Students on college campuses often find themselves within a paradox. While they are in an environment that provides endless resources and knowledge, they are also incredibly prone to becoming lost in an academic-based version of reality.
In effect, students can forget how to civically engage in their communities outside of campus, which is exactly the principle of UW-Madison’s Wisconsin Idea – to improve people’s lives beyond the classroom.
A course from the Nelson Institute of Environmental Studies called “Building Food Justice Capacity in South Madison” aims to address this paradox by focusing on issues close to home in the nearby community of South Madison. It is an impactful project that is working to improve access to healthy food via sustainable, urban agriculture.
Even though it’s just two miles south of campus, south Madison is a place most students are unfamiliar with.
“Before this class I had few assumptions about South Madison. I never had reason to visit or think about the area,” said UW student Rebecca Cownan. “I believe that’s a combination of both my naivety and a fault of the University. I know from speaking with friends that I am not alone in my ignorance of the composition of campus’s surrounding communities.”
This fall, 14 students are enrolled in a service learning class called “Building Food Justice Capacity in South Madison.” In general, the project builds food justice capacity in South Madison by forging a network of entrepreneurship opportunities in the field of urban agriculture for formerly incarcerated citizens while improving healthy food access to the broader South Madison community.
It is a continuation of a project started in the fall of 2013, made possible by a generous grant from the Ira and Ineva Reilly Baldwin Wisconsin Idea Endowment.
The project works to understand and combat racial discrimination and food insecurity by working with community leaders. It was designed to address inequities in South Madison’s current food system, while at the same time establishing employment opportunities for former inmates.
This semester, students are collaborating with community leaders to recruit two formerly incarcerated men who will train in commercial urban agriculture.
Perhaps the most rewarding aspect of the class is the face-to-face connections. Students regularly visit and volunteer at organizations in the South Madison community such as feed kitchens, community dinners and leadership development meetings for incarcerated men, which are part of the ManUp program ran by the Nehemiah Center.
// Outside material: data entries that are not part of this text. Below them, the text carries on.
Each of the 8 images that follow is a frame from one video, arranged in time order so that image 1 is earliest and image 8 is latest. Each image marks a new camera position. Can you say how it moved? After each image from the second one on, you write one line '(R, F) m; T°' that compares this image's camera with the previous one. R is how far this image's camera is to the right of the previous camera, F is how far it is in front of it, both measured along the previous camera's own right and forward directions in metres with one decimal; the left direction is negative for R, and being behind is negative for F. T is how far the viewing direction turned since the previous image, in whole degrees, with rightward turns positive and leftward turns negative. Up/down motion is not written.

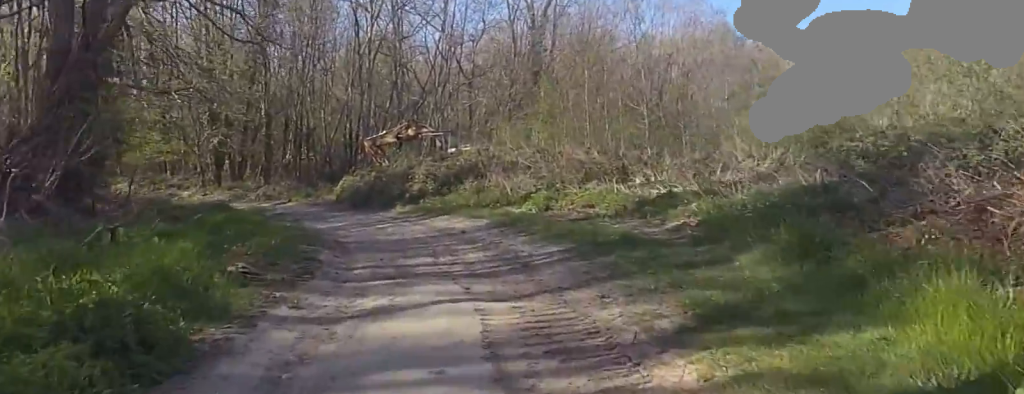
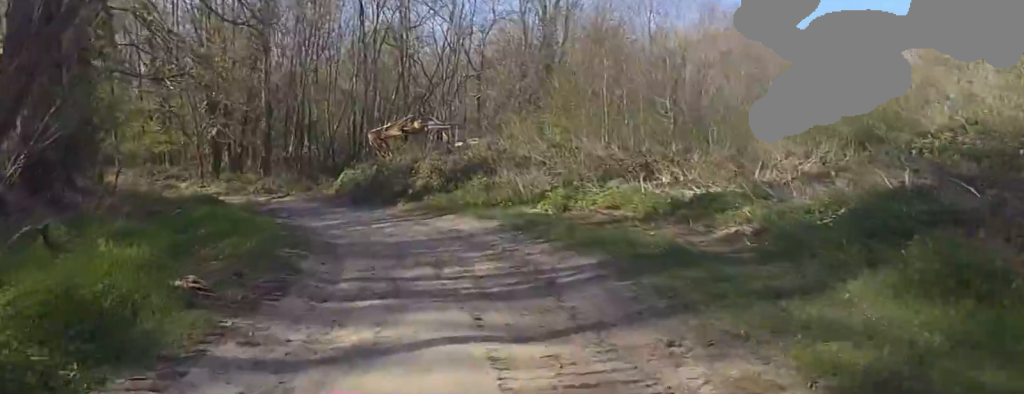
(0.0, +1.9) m; -2°
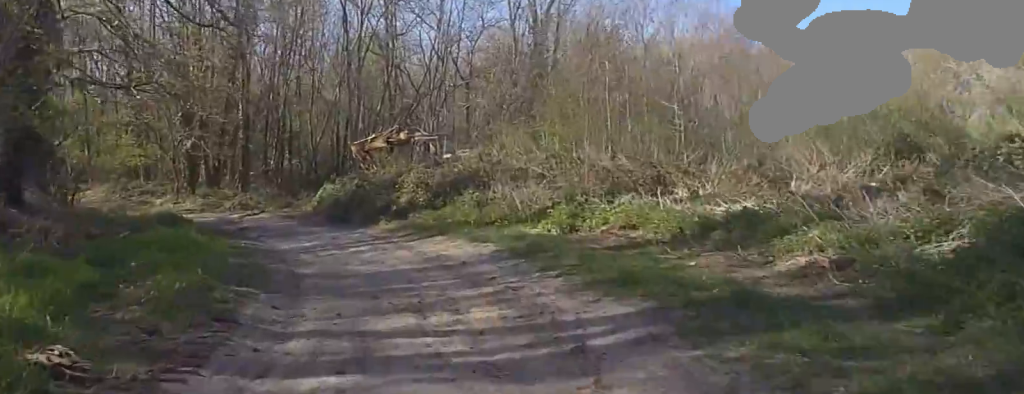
(-0.2, +2.2) m; -4°
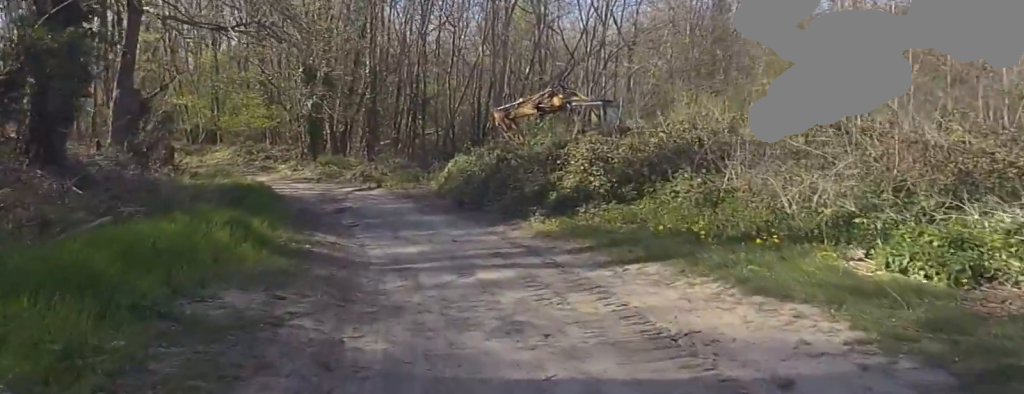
(-1.1, +7.2) m; -14°
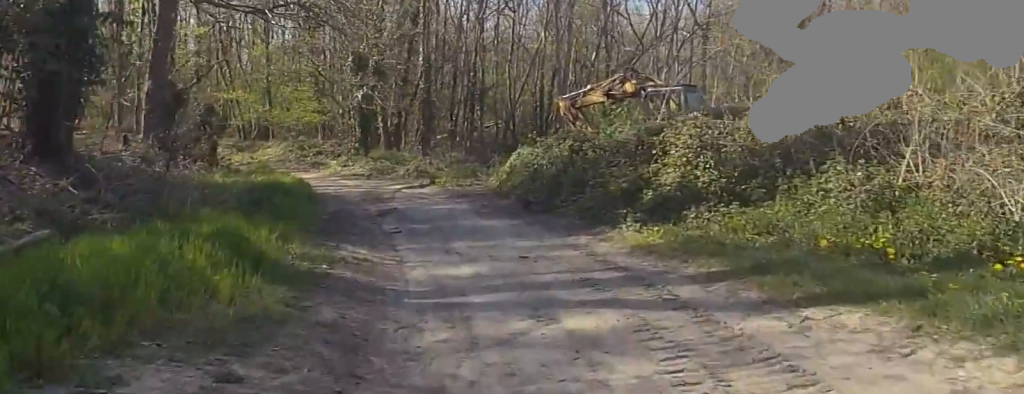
(-0.4, +2.7) m; 0°
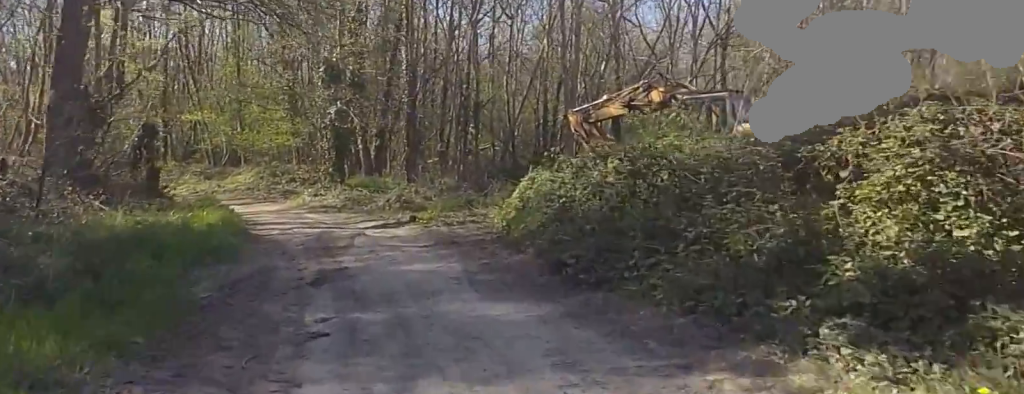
(+0.8, +5.2) m; +6°
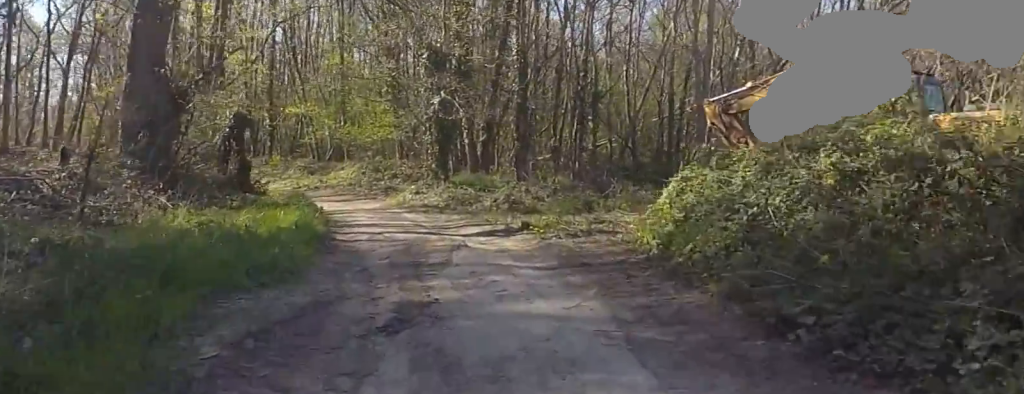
(+0.1, +2.8) m; -6°
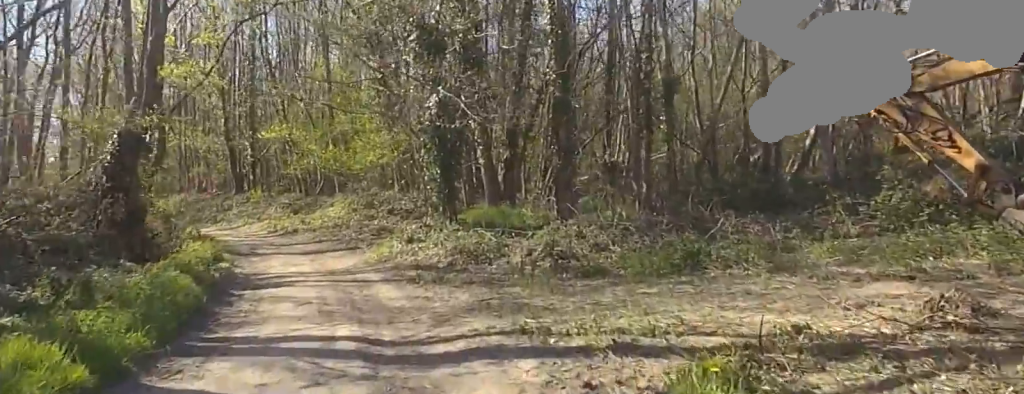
(-0.4, +9.5) m; +3°

“One of the best parts of the ManUp meeting was that I was finally able to put a face to the formerly incarcerated individuals we talk so much about,” explained UW student Hallie Duffy. “I found it extremely rewarding to be able to sit with men with whom I superficially had very little in common with and be able to talk openly about difficult issues regarding race and incarceration. Seeing their willingness to bring us into an intimate discussion about issues that affect them so personally was humbling.”
Students are also working to promote the South Madison Farmers’ Market, where the future farmers will sell their produce.
The market is one of the only sources of fresh produce in the South Madison community. It is a valuable asset, considering that nearly 26,000 Dane County residents reside within a food desert, as defined by the USDA. Most of these residents are minorities.
The issues of race and incarceration are echoed in this semester’s Go Big Read book selection, Just Mercy by Bryan Stevenson. The class was among one of 170 courses that read Just Mercy this semester, setting a record participation in the Go Big Read program. Stevenson’s book narrates disturbing cases of racial discrimination and blatant injustices in our nation’s legal and criminal justice systems.
According to the Race To Equity report by the Wisconsin Council on Children & Families, Wisconsin and Dane County are home to some of the widest arrest and incarceration disparities in the country. For example, in 2012, African American adults were arrested in Dane County at a rate more than eight times that of whites.
“It’s easy to believe racism and terrorism against blacks isn’t prevalent when you grow up in a white, suburban area of Minnesota and go to college at a university with 70 percent white students,” said Cowan. “Just Mercy, in combination with the ManUp meeting, put real faces, stories and names to the issues.”
This class allows students to step outside of academic boundaries and actively address themes and issues present in the book. The social interactions provide for a deeper understanding of racial issues that are connected to their local communities.
“My increased exposure to the incarceration system has truly changed my thoughts on incrimination and our justice system,” said UW student Maggie Agnew. “I’m thankful our class is addressing issues that I would’ve otherwise been pretty unaware of. By sponsoring two previously incarcerated men for a opportunity with urban agriculture, we are addressing the issue in an impactful way.”
Building Food Justice Capacity in South Madison not only aims to promote justice through food, but it also encourages students to try and understand the root of these problems by asking why these injustices and inequities exist in the first place.
“People know that there are problems with the system, but they are so ingrained that we don’t know how to address them,” said Duffy.
This class gives students the opportunity to begin addressing food inequity and racial disparities through conversations and experiences in their own communities.
“We may not have the resources or time to contribute as much as Stevenson did, but that does not mean we cannot make a difference,” stated UW student Abe Lenoch. “I hope that the remainder of the semester allows us to create a little more justice for the Man Up members and the South Madison community as a whole.”